When analysing the clinical and pathologic characteristics of the patient cohort by tumour location (Table 5), we found that patients with more distal tumours (sigmoid colon and rectum) trended to be younger males. Additionally, the tumours found in these more distal locations tended to be smaller and BRAF negative. The more distal mucinous tumours were also much more likely to be microsatellite stable/MMRp. Data on the number of mucinous mismatch repair-deficient tumours associated with Lynch syndrome were not available.
Multivariate Cox regression analysis assessing the risk of death from any cause in a model including age, gender, site, stage, traditional tumour grade, microsatellite instability/mismatch repair status, BRAF mutation status, and size is presented in Table 6. Briefly in multivariate analysis, older age (HR 1.04; 95% CI, 1.01–1.07, P=0.006), stage IV tumours (HR 10.50; 95% CI, 1.84–59.83, P=0.008), and traditional histological high grade (HR 2.66; 95% CI, 1.38–5.12, P=0.003) were associated with worse survival outcomes.

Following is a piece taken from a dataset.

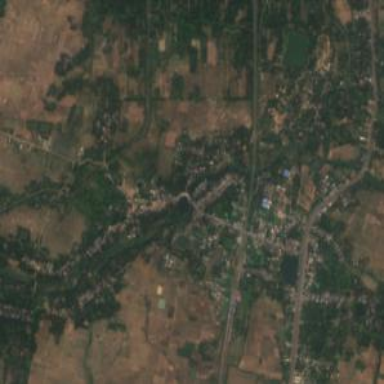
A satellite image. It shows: Town.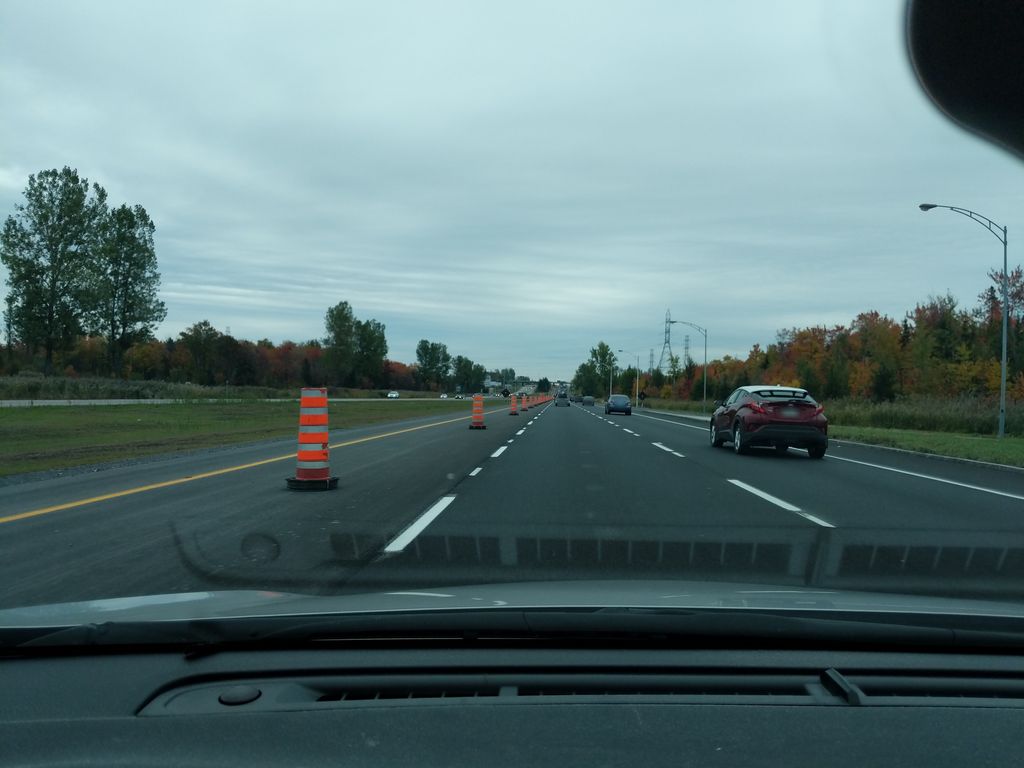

In this multivariate model, the survival advantage for mucinous MMRd tumours just failed to reach statistical significance (HR 0.49; 95% CI, 0.23–1.04, P=0.062).
Discussion
In this study, we provide strong empirical support for the WHO 2010 premise that microsatellite instability/mismatch repair status is a powerful prognostic factor in mucinous tumours; however, it is clear that traditional cytoarchitectural grade is still prognostically important. The all-cause survival of mucinous MMRd colorectal cancers was similar to non-mucinous low-grade cancers, and in fact the mucinous MMRd patients demonstrated a slightly better 5-year survival, although this was not statistically significant (P=0.181). In contrast, MMRp mucinous colorectal cancers demonstrated worse survival compared with both mucinous MMRd tumours (P=0.023) and non-mucinous low-grade tumours (P=0.018). Although the marginal benefit in 5-year survival of mucinous MMRp colorectal cancers compared with high-grade non-mucinous tumours reached statistical significance (P=0.026), the difference in survival (57 vs 53%) was appreciably smaller when compared with low-grade non-mucinous tumours (67%) and mucinous MSI tumours (73%). Put simply, and as summarized in Figure 4, the overall survival curve of mucinous MMRd colorectal cancer was similar to that of non-mucinous low-grade carcinomas, whereas the survival curves of mucinous MMRp colorectal cancer were similar to that of high-grade non-mucinous colorectal cancers. That is, our data support the approach that mucinous MMRd/MSI colorectal cancers behave similarly to low-grade non-mucinous colorectal cancers and mucinous MMRp/MSS colorectal cancers behave similarly to high-grade non-mucinous colorectal cancers.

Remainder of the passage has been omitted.